El <Magníficat> de la Virgen María, fue puesto sin duda, por el Espíritu Santo en su corazón, cuando llevaba ya en su seno virginal al Niño Jesús, tras la Encarnación del Verbo divino en Ella, durante la visita a su prima Isabel que vivía en la montaña, en una ciudad de Judá, situada a pocos kilómetros, al oeste de Jerusalén (Lc 1, 39-45):
-Por aquellos días, María se
levantó y se marchó deprisa a la montaña, a una ciudad de Judá;
-y entró en casa de Zacarías y
saludó a Isabel.
-Y cuando oyó Isabel el saludo de
María, el niño saltó en su seno, e Isabel quedó llena del Espíritu Santo;
-y exclamando en voz alta, dijo:
<Bendita tú entre las mujeres y bendito es el fruto de tu vientre.
-¿De dónde a mí tanto bien, que
venga la madre de mi Señor a visitarme?
-Pues en cuanto llegó tu saludo a
mis oídos, el niño saltó de gozo en mi seno;
-y bienaventurada tú, que has
creído, porque se cumplirán las cosas que se han dicho de parte del Señor.
Así es, como diría el Papa San Juan Pablo II en su Carta Apostólica, <Operosam Diem> (Vaticano, 1 de diciembre de 1996), al recordar las enseñanzas de San Ambrosio:
“María, está completamente
implicada en la historia de la salvación, como Madre y Virgen. Si Cristo es el
perfume eterno del Padre, <con él fue rociada María y, permaneciendo virgen,
concibió; siendo virgen, engendró el buen olor: el Hijo de Dios>”

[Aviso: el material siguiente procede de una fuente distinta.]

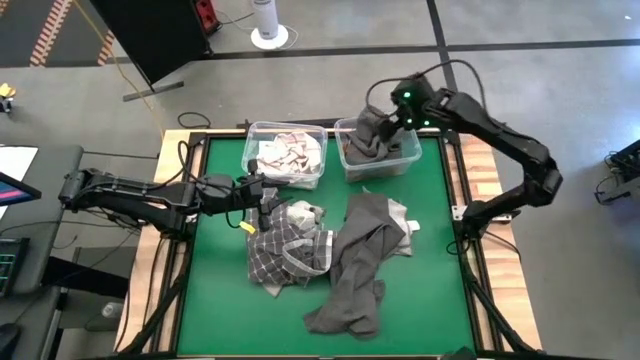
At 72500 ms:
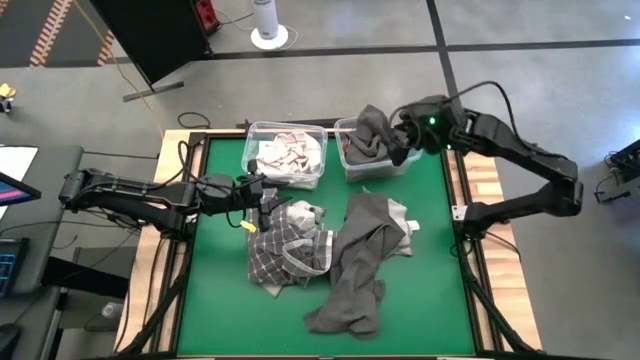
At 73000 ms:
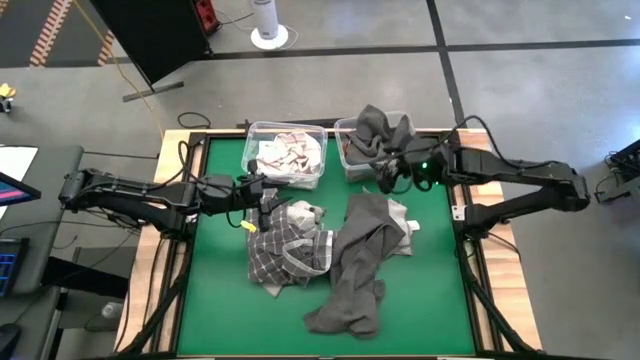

Es por eso que en la oración de la Virgen, el Magníficat, que Ella pronunciara en repuesta al saludo de su prima Isabel, se aprecia claramente el éxtasis que su corazón experimenta en aquello momentos transcendentales de su vida, al exclamar (Lc 1, 46-50):
-Proclama mí alma las grandezas
del Señor,
-y se alegra mi espíritu en Dios
mi Salvador:
-porque ha puesto los ojos en la
humildad de su esclava; por eso desde ahora me llamarán bienaventurada todas las
generaciones.
-Porque ha hecho en mí cosas
grandes el Todopoderoso, cuyo nombre es Santo;
-su misericordia se derrama de
generación en generación sobre los que le temen…
Esta oración es el canto
evangélico que se reza en las <vísperas> (Liturgia de las Horas), y en la
actualidad, y desde casi el principio ha
constituido uno de los pasajes más importantes de la vida del Señor relacionado
con su Santísima Madre. Por eso, como diría en su día, el Papa San Juan Pablo
II (Carta Encíclica, <Redemptoris Mater>, dada en Roma el 25 de marzo de
1987):
“La Iglesia, que aún <en medio de
tentaciones y tribulaciones> no cesa de repetir con María las palabras del
Magníficat, <se ve confortada> con la fuerza de la verdad sobre Dios,
proclamada entonces con tan extraordinaria sencillez y, al mismo tiempo, con
esta verdad sobre Dios, desea iluminar las difíciles y a veces intrincadas vías
de la existencia terrena de los hombres.
El camino de la Iglesia, ya al
final del segundo milenio del cristianismo, implica un renovado empeño de su
misión. La Iglesia, siguiendo a aquel que dijo de sí mismo: <Dios me ha
enviado para anunciar a los pobres la Buena Nueva> (Lc 4,18), a través de
las generaciones, ha tratado y trata hoy de cumplir la misma misión.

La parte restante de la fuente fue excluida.